For centuries, people have been fascinated by objects that sound like humans. In the Middle Ages, there were legends about Brazen Heads, a mystical mechanism that was able to answer questions usually with “yes” or “no” answers. In 1730, the first speech synthesizer model was designed and submitted to a contest by Christian Gottlieb Kratzenstein, a physics professor at Copenhagen University. His machine could produce the five vowels and was made up of resonant tools and a reed. Although Kratzenstein won the contest, his model was not practical since the speech anatomy he hypothesized was not correct.

In 1791, another inventor, Wolfgang von Kempelen, developed his Acoustic Mechanical Speech Machine after years of research on human speech production. Because of an earlier controversy (von Kempelen had announced earlier that he built a speaking, chess-playing machine but hid a human chess player inside the machine), he was not taken seriously at the time but his machine would go on to be the template for other speaking machines. One of those speaking machines was made by Charles Weathstone and was able to produce vowels and consonants and could “speak” some full words. After watching a demonstration of a talking machine in London in 1848, Alexander Mellvile Bell and his son Alexander Graham Bell successfully built their own speaking machine. 

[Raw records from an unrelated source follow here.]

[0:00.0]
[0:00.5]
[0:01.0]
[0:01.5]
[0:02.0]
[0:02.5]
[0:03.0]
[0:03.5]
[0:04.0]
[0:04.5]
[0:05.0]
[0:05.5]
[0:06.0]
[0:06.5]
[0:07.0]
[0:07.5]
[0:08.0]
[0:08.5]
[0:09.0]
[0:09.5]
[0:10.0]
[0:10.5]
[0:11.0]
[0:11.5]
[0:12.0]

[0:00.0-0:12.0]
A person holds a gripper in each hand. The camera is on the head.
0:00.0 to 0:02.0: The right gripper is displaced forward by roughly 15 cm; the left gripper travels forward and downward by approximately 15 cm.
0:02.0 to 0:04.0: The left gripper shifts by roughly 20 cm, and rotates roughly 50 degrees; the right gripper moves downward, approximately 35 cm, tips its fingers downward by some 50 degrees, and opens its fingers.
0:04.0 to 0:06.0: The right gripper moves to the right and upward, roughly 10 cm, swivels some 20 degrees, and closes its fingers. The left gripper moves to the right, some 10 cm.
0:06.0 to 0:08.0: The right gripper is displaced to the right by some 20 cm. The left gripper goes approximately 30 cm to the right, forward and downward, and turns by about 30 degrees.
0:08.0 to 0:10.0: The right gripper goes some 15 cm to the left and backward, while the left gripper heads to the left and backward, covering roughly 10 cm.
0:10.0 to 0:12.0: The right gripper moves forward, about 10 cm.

By the beginning of the 20th century, the introduction of electrical devices meant a shift to the development of electrical synthesizers. The first electrical device was made in 1922 and was able to produce only vowel sounds. Other electrical synthesizers were quickly produced and improved on but the most impressive was VODOR ( Voice Operating Demonstrator), a keyboard-operated synthesizer that was designed in 1937 at Bells Laboratories by Homer Dudley. It was the first successful attempt to recreate human speech electronically. Dudley had previously created the vocoder (or voice encoder), which was a device to analyze speech into its fundamental tones and resonances that could then drive a carrier signal to reconstruct the approximation of the original speech signal.

Today, vocoders are used in different technologies but most popularly in music to produce synthetic and robotic sounds. (Example: The vocoder was used in Numbers by Kraftwerk, a song that is credited as a major influence for genres like techno, new wave and early hip-hop and rap.)

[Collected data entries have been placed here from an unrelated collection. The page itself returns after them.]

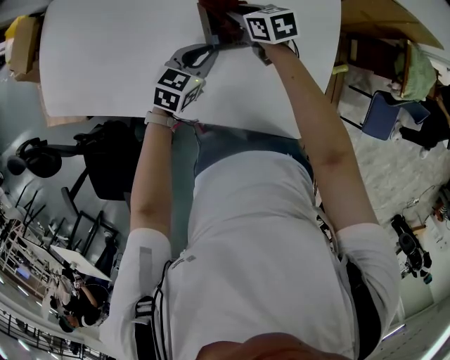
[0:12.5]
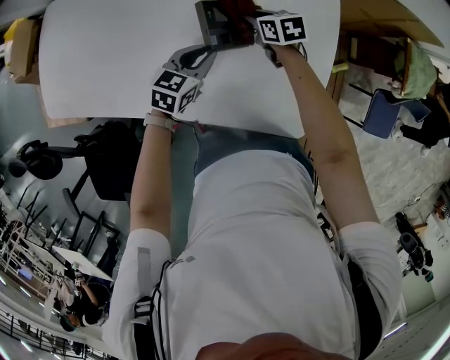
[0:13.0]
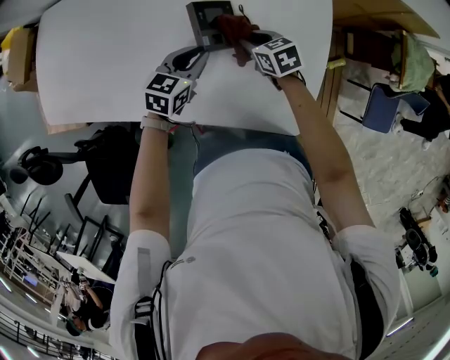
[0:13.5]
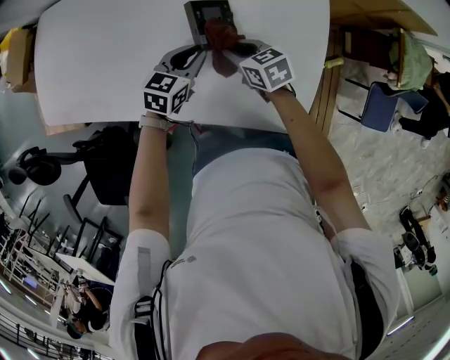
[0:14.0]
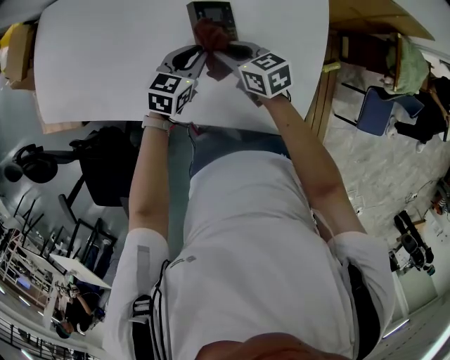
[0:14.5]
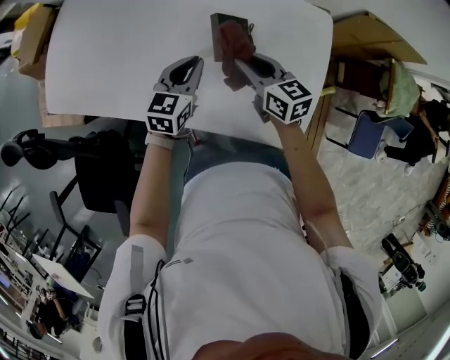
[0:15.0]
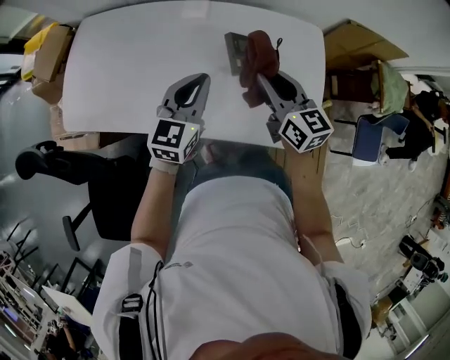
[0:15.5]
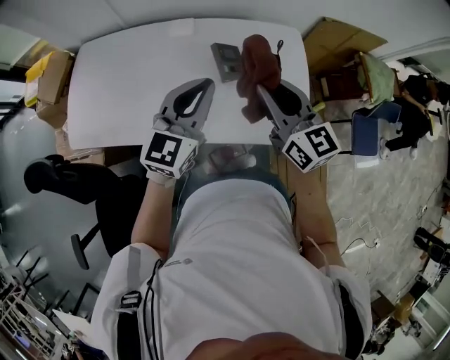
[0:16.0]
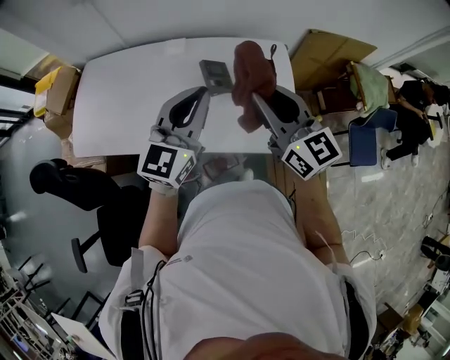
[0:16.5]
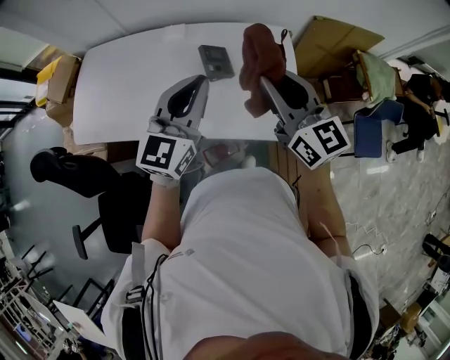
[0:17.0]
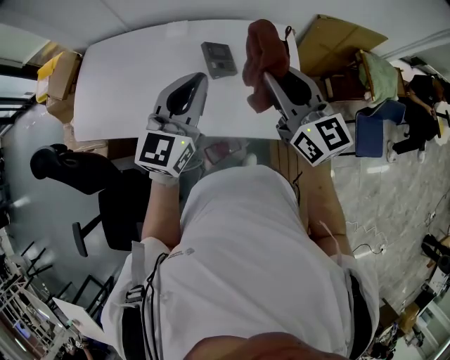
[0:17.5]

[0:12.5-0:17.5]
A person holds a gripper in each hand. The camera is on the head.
0:12.5 to 0:15.0: The right gripper goes approximately 15 cm backward and upward; the left gripper goes approximately 10 cm upward and to the left.
0:15.0 to 0:17.5: The grippers both shift upward and backward by some 30 cm. The right gripper changes its angle by roughly 30 degrees. The left gripper changes its angle by some 30 degrees.

By analyzing the sound of a modulator signal (usually the human voice), and splitting the modulator signal into many frequency bands and adjusting the level of each bandpass filter to that of the corresponding frequency in the modulator signal, the carrier is filtered so that the harmonic content that passes through is similar to that of the modulator signal. In 1961, John Larry Kelly Jnr. used the vocoder and an IBM 7094 computer to sing the song, Daisy Bell, which later inspired a scene in 2001: A Space Odyssey. 

The invention of VODOR ushered in a golden age of speech synthesis systems. In 1951, Franklin Cooper created a Pattern Playback Synthesizer that could reconvert recorded spectrogram patterns into sound. This paved the way for the formant synthesizers PAT (Parametric Artificial Talker), and OVE (Orator Verbis Electris). In 1972, John Holmes introduced his formant synthesizer and it was so good that it was very hard for listeners to tell the difference between the synthesized and original versions. 

Three years later, the first text-to-speech system was developed in Japan by Noriko Umeda in the Electrotechnical Laboratory, Japan. In 1981, Dennis Klatt introduced his KlattTalk System TTS (text-to-speech) which forms the basis for many synthesis systems today. When Stephen Hawking lost the ability to speak after an emergency tracheotomy in 1985, Klatt was able to create a speech synthesizer, Speech Plus CallText 5010 for him to communicate with. The famous Stephen Hawking voice is actually the voice of Klatt who used his own voice when he was building his synthesizer. By this time, a substantial amount of commercial speech synthesis systems were available, and two techniques were used to develop text-to-speech systems. 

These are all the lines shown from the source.